-- Data for review follows --

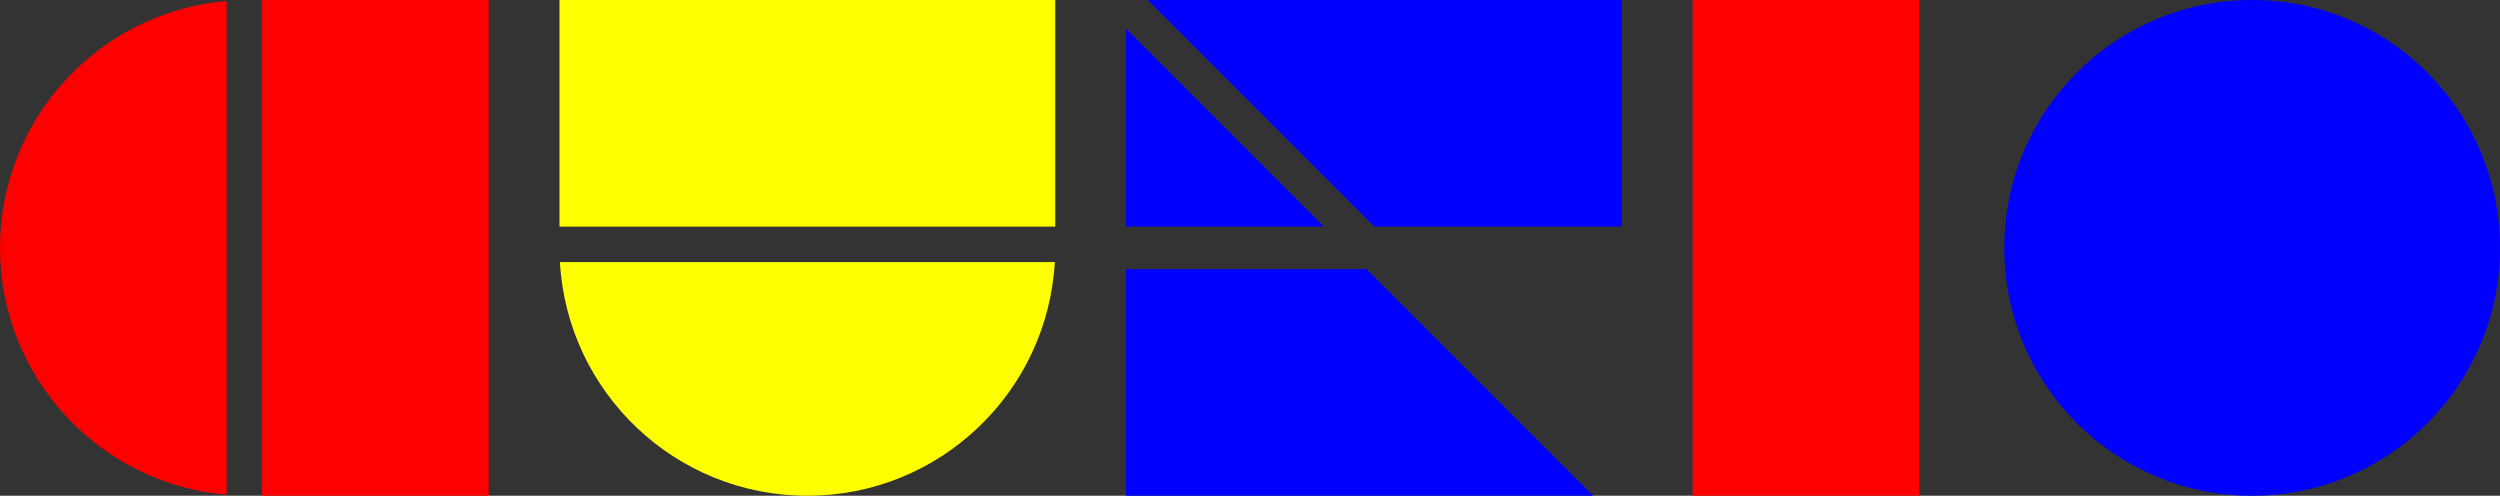<?xml version="1.0" encoding="UTF-8"?>
<svg id="a" data-name="Layer 1" xmlns="http://www.w3.org/2000/svg" viewBox="0 0 353 70">
  <rect x="0" y="0" width="353" height="70" fill="#333333" stroke="none"/>
  <defs>
    <style>
      .b {
        fill: #ff0;
      }

      .b, .c, .d {
        stroke-width: 0px;
      }

      .c {
        fill: blue;
      }

      .d {
        fill: red;
      }
    </style>
  </defs>
  <circle class="c" cx="318" cy="35" r="35"/>
  <rect class="d" x="239" width="32" height="70"/>
  <g>
    <path class="b" d="M79.06,37c1.04,18.4,16.28,33,34.94,33s33.9-14.6,34.94-33h-69.88Z"/>
    <rect class="b" x="98" y="-19" width="32" height="70" transform="translate(98 130) rotate(-90)"/>
  </g>
  <g>
    <rect class="d" x="37" width="32" height="70"/>
    <path class="d" d="M32,.14C14.08,1.66,0,16.68,0,35s14.08,33.34,32,34.86V.14Z"/>
  </g>
  <g>
    <polygon class="c" points="192.96 38 159 38 159 70 224.96 70 192.96 38"/>
    <g>
      <polygon class="c" points="194.04 32 229 32 229 0 162.04 0 194.04 32"/>
      <polygon class="c" points="159 4.04 159 32 186.96 32 159 4.04"/>
    </g>
  </g>
</svg>
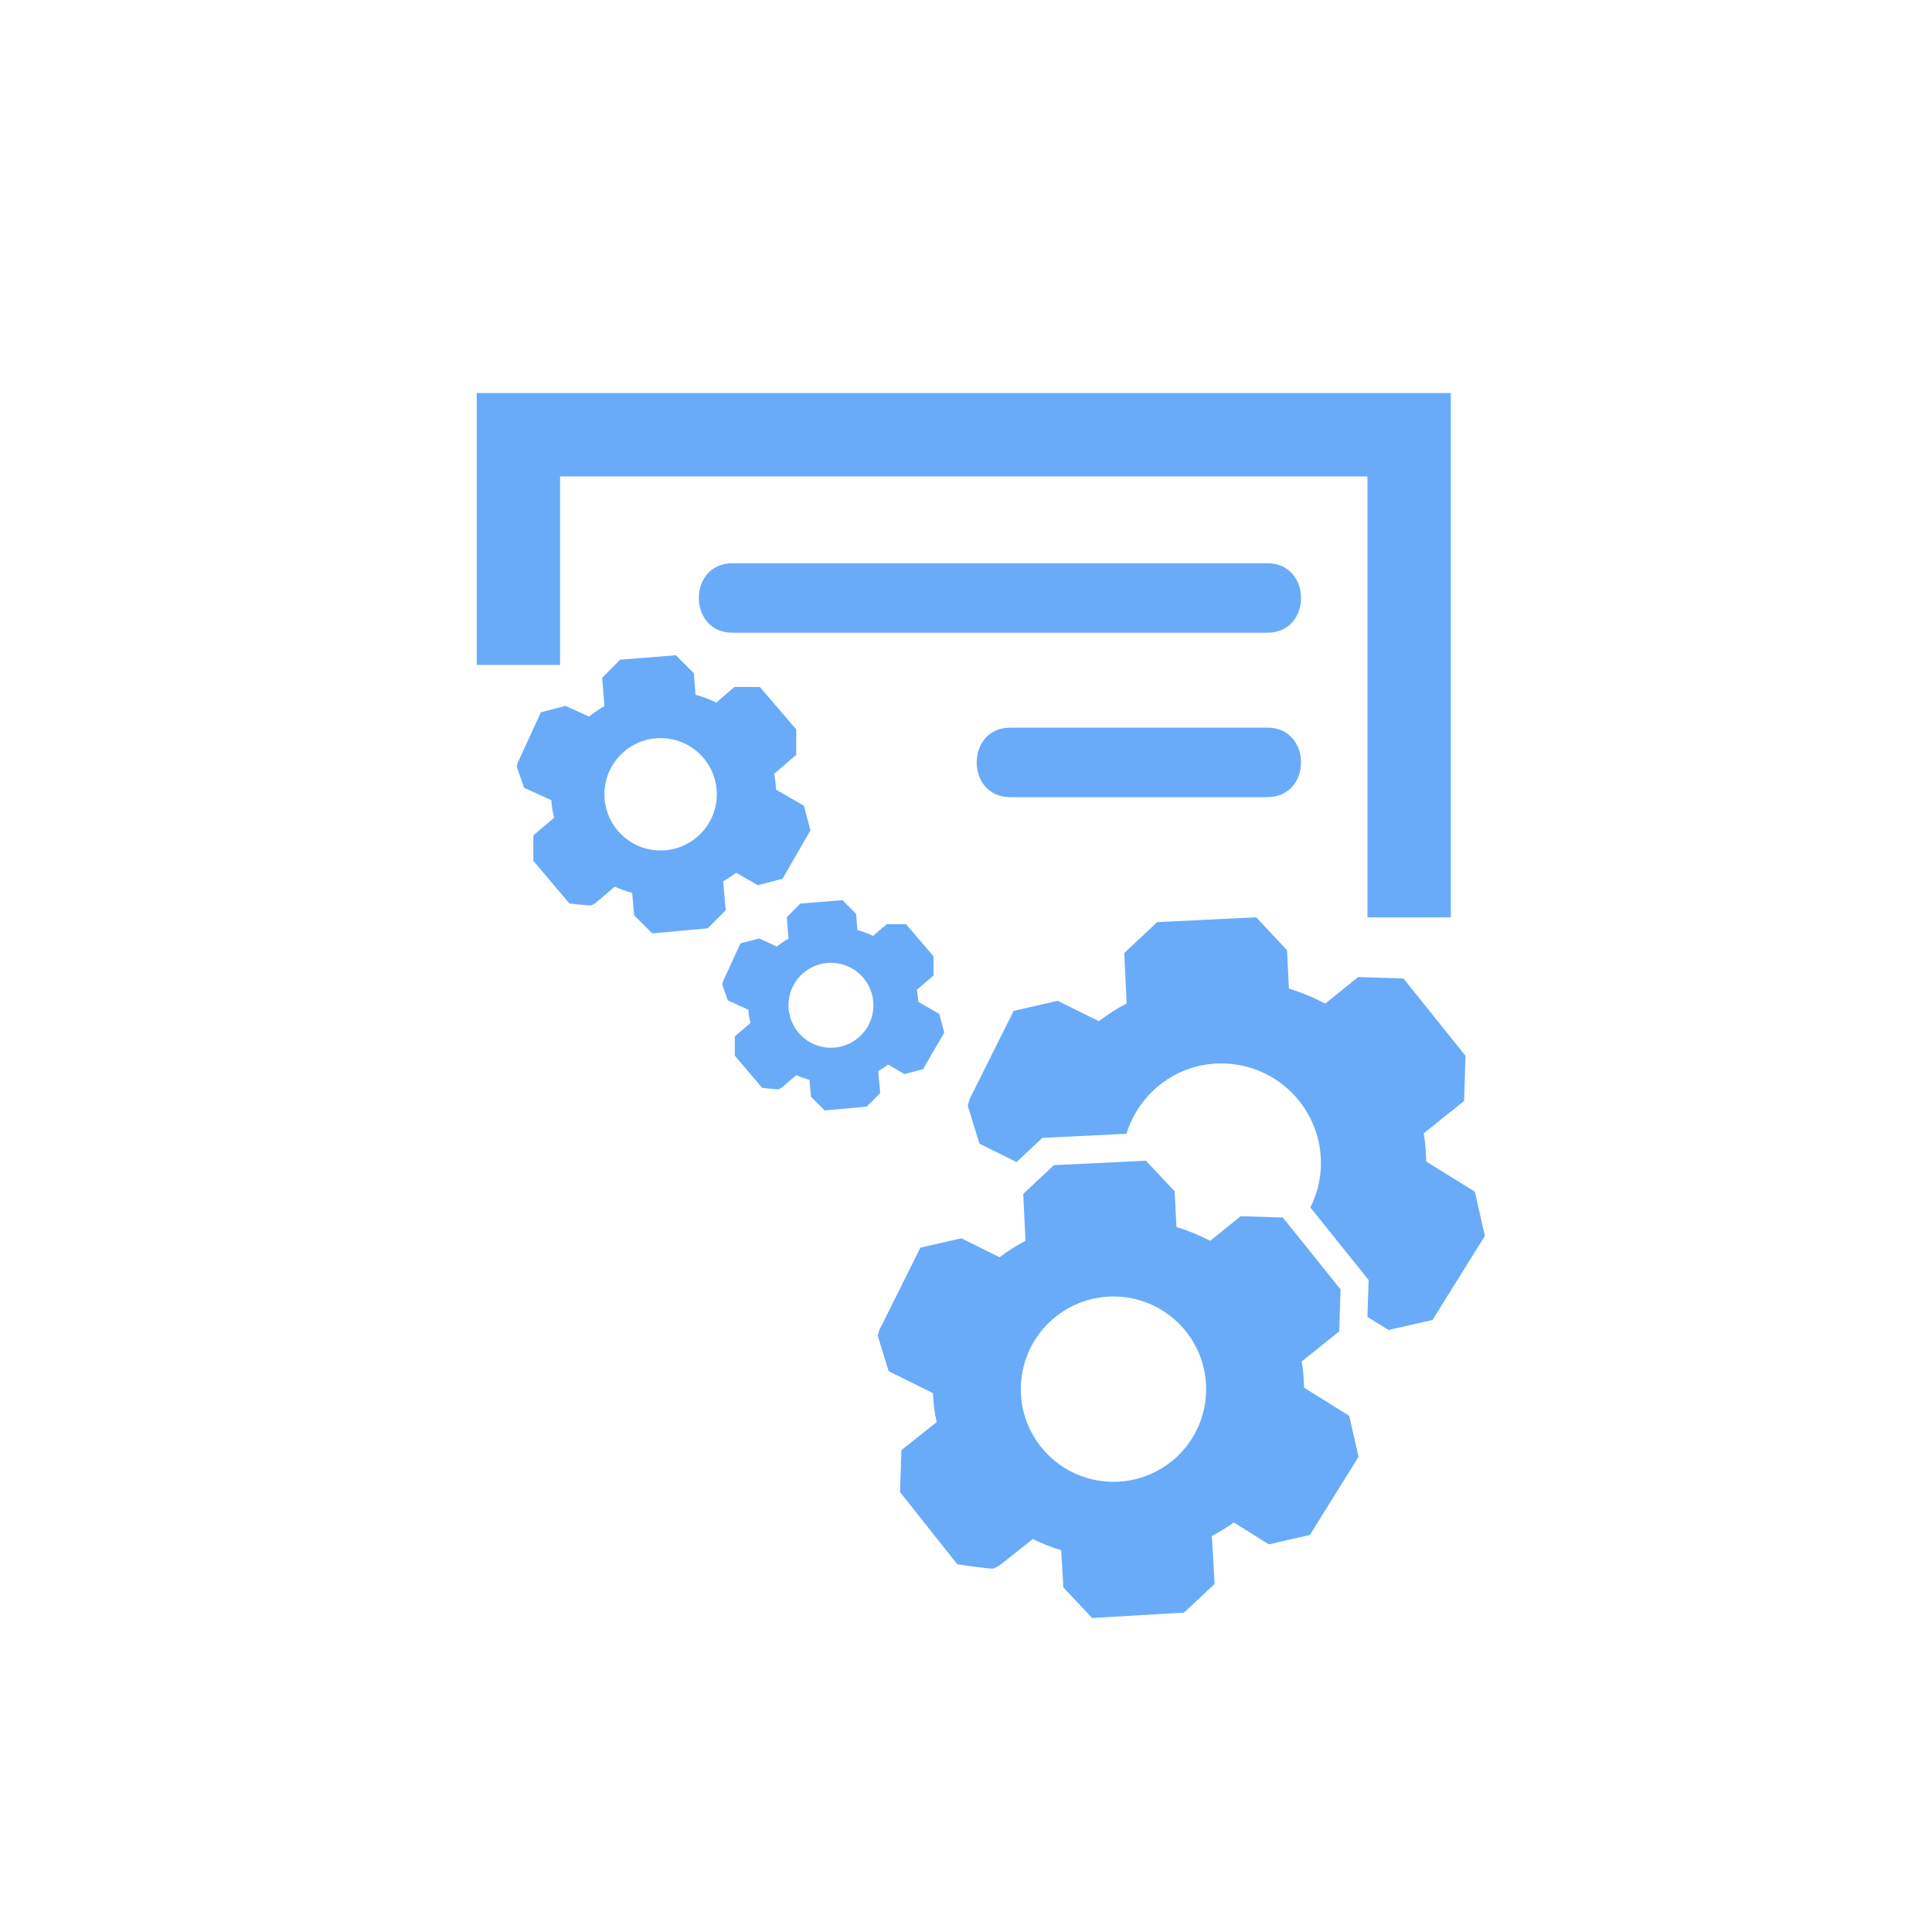 <?xml version="1.0" encoding="utf-8"?>
<!-- Generator: Adobe Illustrator 17.0.0, SVG Export Plug-In . SVG Version: 6.00 Build 0)  -->
<!DOCTYPE svg PUBLIC "-//W3C//DTD SVG 1.1//EN" "http://www.w3.org/Graphics/SVG/1.1/DTD/svg11.dtd">
<svg version="1.1" id="Capa_1" xmlns="http://www.w3.org/2000/svg" xmlns:xlink="http://www.w3.org/1999/xlink" x="0px" y="0px"
	 width="740px" height="740px" viewBox="-16.536 -17.875 740 740" enable-background="new -16.536 -17.875 740 740"
	 xml:space="preserve">
<g>
	<g id="_x31_86_50_">
		<g>
			<path fill="#69ABF9" d="M261.441,330.779c0,0-0.671-7.387-1-11.091c1.746-1,3.417-2.086,4.981-3.299
				c2.778,1.597,8.313,4.8,8.313,4.8l9.441-2.48l10.707-18.509l-2.48-9.441c0,0-7.131-4.14-10.697-6.184
				c-0.096-2.054-0.319-4.098-0.734-6.056c2.831-2.437,8.472-7.259,8.472-7.259v-9.76l-13.932-16.242h-9.76
				c0,0-4.63,3.959-6.94,5.95c-2.512-1.213-5.162-2.214-7.93-2.97c-0.224-2.746-0.671-8.249-0.671-8.249l-6.897-6.897l-21.319,1.724
				l-6.897,6.897c0,0,0.585,7.248,0.873,10.867c-2.086,1.181-4.055,2.523-5.897,4.023c-2.991-1.384-9.004-4.119-9.004-4.119
				l-9.441,2.469l-8.93,19.457l-0.309,1.33l2.799,8.11c0,0,6.961,3.182,10.452,4.779c0.149,2.299,0.5,4.524,1.075,6.705
				c-2.661,2.235-7.972,6.759-7.972,6.759v9.75l13.826,16.327c0,0,8.036,0.958,8.472,0.713c0.436-0.234,1.299-0.713,1.299-0.713
				s5.056-4.279,7.578-6.429c2.129,0.958,4.353,1.756,6.663,2.384c0.255,2.874,0.788,8.611,0.788,8.611l6.897,6.897l21.287-1.948
				L261.441,330.779z M236.482,307.874c-11.878,0-21.511-9.632-21.511-21.511c0-11.889,9.632-21.521,21.511-21.521
				c11.9,0,21.532,9.632,21.532,21.521C258.014,298.23,248.382,307.874,236.482,307.874z"/>
			<path fill="#69ABF9" d="M320.599,400.76c0,0-0.511-5.588-0.756-8.398c1.32-0.745,2.586-1.565,3.768-2.48
				c2.097,1.192,6.28,3.629,6.28,3.629l7.142-1.873l8.1-13.996l-1.873-7.131c0,0-5.386-3.129-8.089-4.673
				c-0.064-1.554-0.234-3.097-0.553-4.577c2.139-1.831,6.407-5.492,6.407-5.492v-7.376l-10.537-12.283H323.1
				c0,0-3.502,2.991-5.247,4.492c-1.895-0.915-3.906-1.671-5.992-2.246c-0.17-2.076-0.5-6.237-0.5-6.237l-5.215-5.215l-16.114,1.309
				l-5.215,5.215c0,0,0.447,5.481,0.66,8.206c-1.575,0.894-3.076,1.916-4.46,3.044c-2.256-1.043-6.801-3.108-6.801-3.108
				l-7.142,1.873l-6.748,14.709l-0.234,1l2.118,6.131c0,0,5.269,2.405,7.898,3.608c0.117,1.746,0.383,3.406,0.82,5.077
				c-2.012,1.692-6.024,5.098-6.024,5.098v7.376l10.452,12.347c0,0,6.077,0.724,6.407,0.543c0.33-0.181,0.979-0.543,0.979-0.543
				s3.821-3.246,5.726-4.853c1.607,0.713,3.289,1.33,5.045,1.799c0.202,2.171,0.596,6.503,0.596,6.503l5.215,5.215l16.093-1.479
				L320.599,400.76z M301.727,383.443c-8.983,0-16.263-7.302-16.263-16.274c0-8.983,7.28-16.263,16.263-16.263
				c8.994,0,16.285,7.291,16.285,16.263S310.721,383.443,301.727,383.443z"/>
			<path fill="#69ABF9" d="M468.917,197.861c-68.311,0-136.611,0-204.921,0c-17.158,0-17.158,26.609,0,26.609
				c68.311,0,136.611,0,204.921,0C486.075,224.47,486.075,197.861,468.917,197.861z"/>
			<path fill="#69ABF9" d="M468.917,260.84c-68.311,0-30.185,0-98.496,0c-17.147,0-17.147,26.609,0,26.609
				c68.311,0,30.185,0,98.496,0C486.075,287.449,486.075,260.84,468.917,260.84z"/>
			<polygon fill="#69ABF9" points="197.984,164.6 507.234,164.6 507.234,333.482 539.165,333.482 539.165,132.669 166.053,132.669 
				166.053,236.806 197.984,236.806 			"/>
			<path fill="#69ABF9" d="M482.935,513.636c-0.043-3.395-0.309-6.78-0.894-10.037c4.779-3.842,14.369-11.516,14.369-11.516
				L496.931,476l-22.096-27.524l-16.114-0.522c0,0-7.834,6.301-11.751,9.441c-4.076-2.129-8.398-3.927-12.911-5.322
				c-0.224-4.545-0.681-13.645-0.681-13.645l-11.016-11.729l-35.22,1.714l-11.751,11.005c0,0,0.585,11.974,0.852,17.956
				c-3.491,1.841-6.823,3.959-9.93,6.312c-4.864-2.427-14.624-7.27-14.624-7.27l-15.699,3.587l-15.742,31.612l-0.585,2.161
				l4.172,13.528c0,0,11.314,5.599,16.977,8.419c0.128,3.8,0.596,7.504,1.416,11.101c-4.502,3.555-13.507,10.739-13.507,10.739
				l-0.522,16.061l21.926,27.652c0,0,13.198,2.001,13.922,1.628c0.724-0.373,2.171-1.107,2.171-1.107s8.568-6.791,12.847-10.186
				c3.449,1.703,7.067,3.14,10.856,4.279c0.266,4.747,0.83,14.241,0.83,14.241l11.016,11.729l35.177-2.065l11.751-10.984
				c0,0-0.702-12.229-1.064-18.35c2.906-1.554,5.737-3.278,8.398-5.183c4.47,2.789,13.454,8.366,13.454,8.366l15.699-3.598
				l18.648-29.94l-3.598-15.71C500.252,524.386,488.714,517.212,482.935,513.636z M408.802,549.675
				c-19.584-0.628-34.964-17.019-34.326-36.593c0.628-19.627,17.03-34.975,36.603-34.358c19.606,0.639,34.964,17.019,34.347,36.635
				C444.788,534.955,428.408,550.303,408.802,549.675z"/>
			<path fill="#69ABF9" d="M548.351,438.566c0,0-12.41-7.717-18.626-11.559c-0.043-3.661-0.309-7.28-0.958-10.782
				c5.152-4.14,15.465-12.4,15.465-12.4l0.564-17.296l-23.778-29.611l-17.317-0.564c0,0-8.44,6.759-12.645,10.165
				c-4.385-2.31-9.026-4.247-13.911-5.737c-0.224-4.896-0.703-14.678-0.703-14.678l-11.825-12.634l-37.913,1.852l-12.623,11.836
				c0,0,0.628,12.868,0.915,19.297c-3.768,1.99-7.333,4.247-10.665,6.812c-5.237-2.618-15.753-7.812-15.753-7.812l-16.859,3.864
				l-16.955,33.974l-0.639,2.342l4.502,14.539c0,0,7.94,3.938,14.209,7.046l7.025-6.588l2.874-2.672l3.906-0.192l28.269-1.373
				c4.949-16.029,19.978-27.503,37.54-26.928c21.096,0.671,37.625,18.296,36.944,39.381c-0.17,5.673-1.66,10.974-4.034,15.742
				l19.85,24.736l2.469,3.076l-0.128,3.938l-0.33,10.197c4.119,2.554,8.068,5.013,8.068,5.013l16.881-3.864l20.042-32.197
				L548.351,438.566z"/>
		</g>
	</g>
</g>
</svg>

-- Data for review concluded --

* Goal of the exercise *
Check each line of the records for the word "height" and extract those that contain it.

* The completed task *
  <rect x="0" y="0" width="353" height="70" fill="#333333" stroke="none"/>
  <rect class="d" x="239" width="32" height="70"/>
    <rect class="b" x="98" y="-19" width="32" height="70" transform="translate(98 130) rotate(-90)"/>
    <rect class="d" x="37" width="32" height="70"/>
	 width="740px" height="740px" viewBox="-16.536 -17.875 740 740" enable-background="new -16.536 -17.875 740 740"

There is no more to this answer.